There was some research on parsing C++ with GLR but I don't think it ever made it into production compilers.
Other, more sane languages with unambiguous grammars may still choose to hand-write their parsers for all the reasons mentioned in the sibling comments. However, I would note that, even when using a parsing library, almost every compiler in existence will use its own AST, and not reuse the parse tree generated by the parser library. That's something you would only ever do in a compiler class.
Also I wouldn't say that frontend/backend is an evolution of previous terminology, it's just that parsing is not considered an "interesting" problem by most of the community so the focus has moved elsewhere (from the AST design through optimization and code generation).
Personally I love the (Rust) combo of logos for lexing, chumsky for parsing, and ariadne for error reporting. Chumsky has options for error recovery and good performance, ariadne is gorgeous (there is another alternative for Rust, miette, both are good).
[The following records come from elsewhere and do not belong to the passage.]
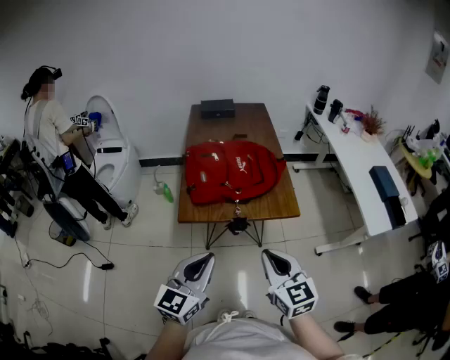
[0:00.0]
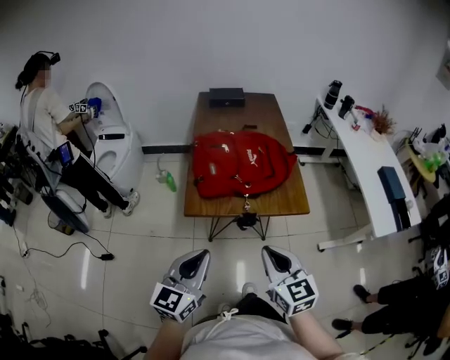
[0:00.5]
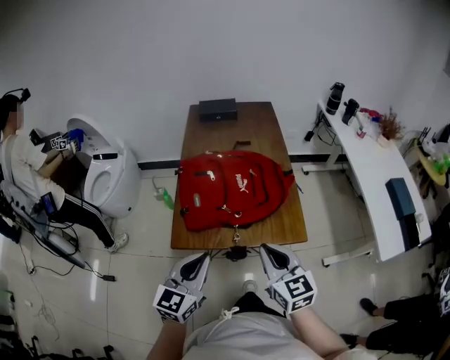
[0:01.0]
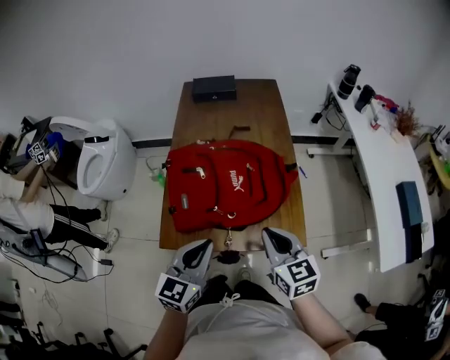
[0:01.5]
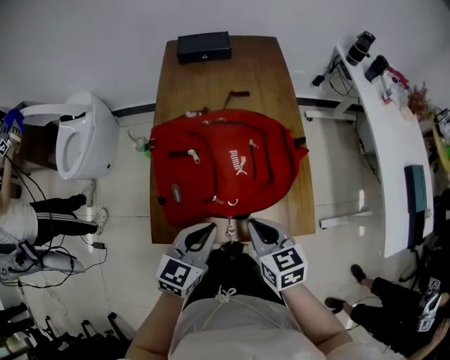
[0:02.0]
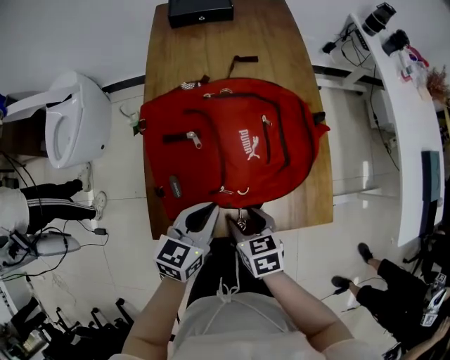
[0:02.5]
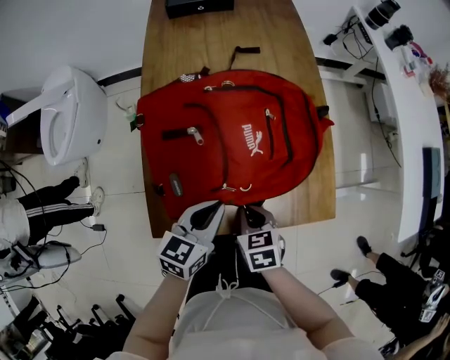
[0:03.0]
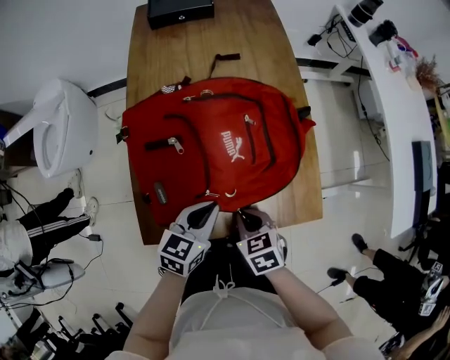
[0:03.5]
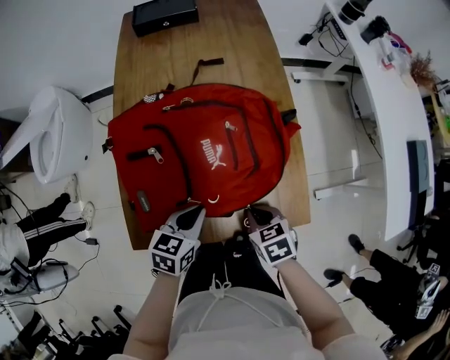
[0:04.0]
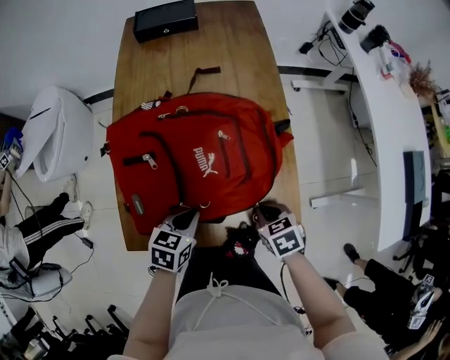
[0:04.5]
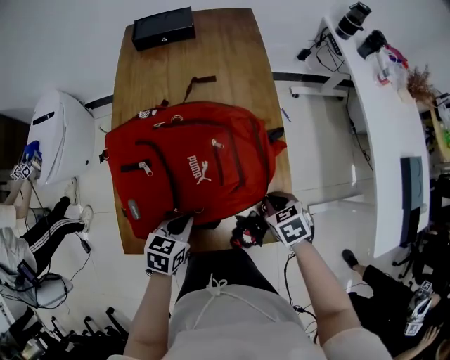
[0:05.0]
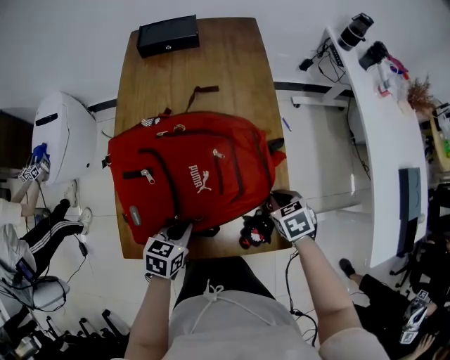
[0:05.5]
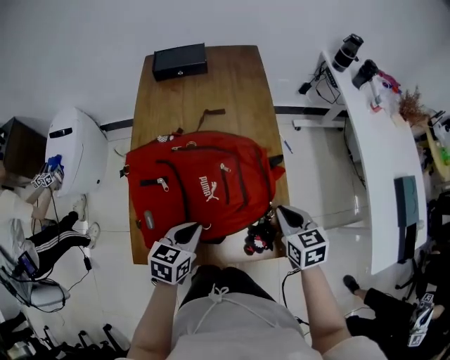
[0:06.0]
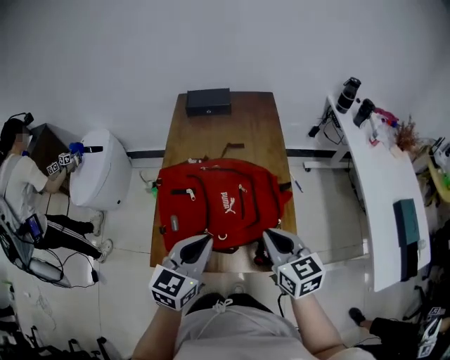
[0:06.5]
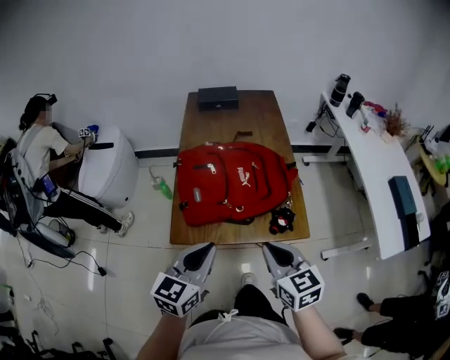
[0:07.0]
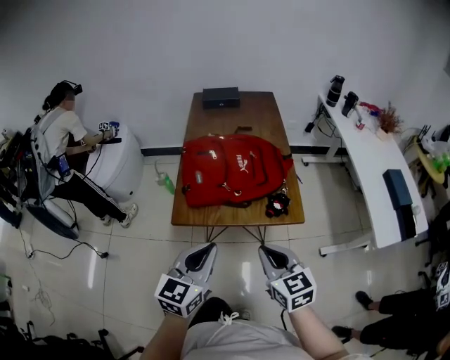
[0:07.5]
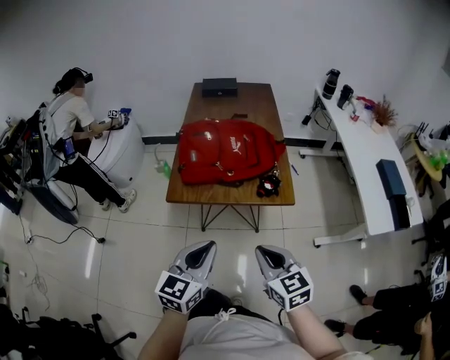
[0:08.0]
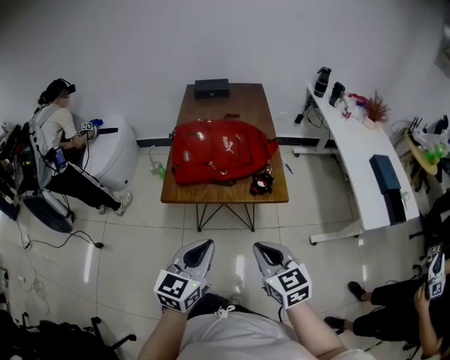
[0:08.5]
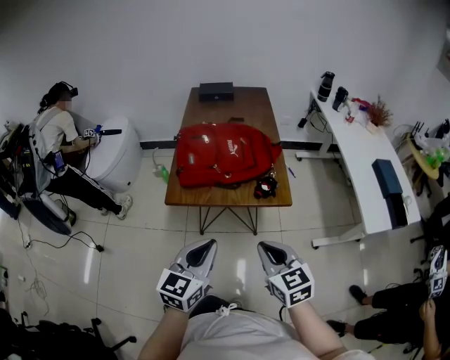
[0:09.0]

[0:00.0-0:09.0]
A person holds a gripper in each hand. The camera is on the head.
0.0 to 2.0 s: Both grippers travel together forward and downward, approximately 35 cm. The left gripper swivels roughly 20 degrees. The right gripper swivels roughly 20 degrees.
2.0 to 4.5 s: The right gripper moves downward and to the right, some 20 cm, swivels approximately 30 degrees, and opens and closes again, while the left gripper is displaced downward and forward by about 15 cm, and turns by about 30 degrees.
4.5 to 7.0 s: The two grippers go about 30 cm upward and backward. The right gripper angles its fingers upward, by about 40 degrees, while the left gripper points its fingers about 30 degrees further upward.
7.0 to 9.0 s: Both grippers move backward, about 20 cm.

The only thing chumsky is lacking is incremental parsing. There is a chumsky-inspired library for incremental parsing called incpa though
In typical modern compilers "frontend" is basically everything involving analyzing the source language and producing a compiler-internal IR, so lexing, parsing, semantic analysis and type checking, etc. And "backend" means everything involving producing machine code from the IR, so optimization and instruction selection.
In the context of Rust, rustc is the frontend (and it is already a very big and complicated Rust program, much more complicated than just a Rust lexer/parser would be), and then LLVM (typically bundled with rustc though some distros package them separately) is the backend (and is another very big and complicated C++ program).
The hard part about compiling Rust is not really parsing, it's the type system including parts like borrow checking, generics, trait solving (which is turing-complete itself), name resolution, drop checking, and of course all of these features interact in fun and often surprising ways. Also macros. Also all the "magic" types in the StdLib that require special compiler support.
This is why e.g. `rustc` has several different intermediate representations. You no longer have "the" AST, you have token trees, HIR, THIR, and MIR, and then that's lowered to LLVM or Cranelift or libgccjit. Each stage has important parts of the type system happen.
MangoToupe•6h ago
ayende•6h ago
demurgos•6h ago
I am not familiar enough with gcc to know how it impacts out-of-tree free projects or internal development.
The decision was taken a long time ago, it may be worth revisiting it.
colejohnson66•6h ago
The idea is that you should link the front and back ends, to prevent out-of-process GPL runarounds. But because of that, the mingling of the front and back ends ended up winning out over attempts to stay modular.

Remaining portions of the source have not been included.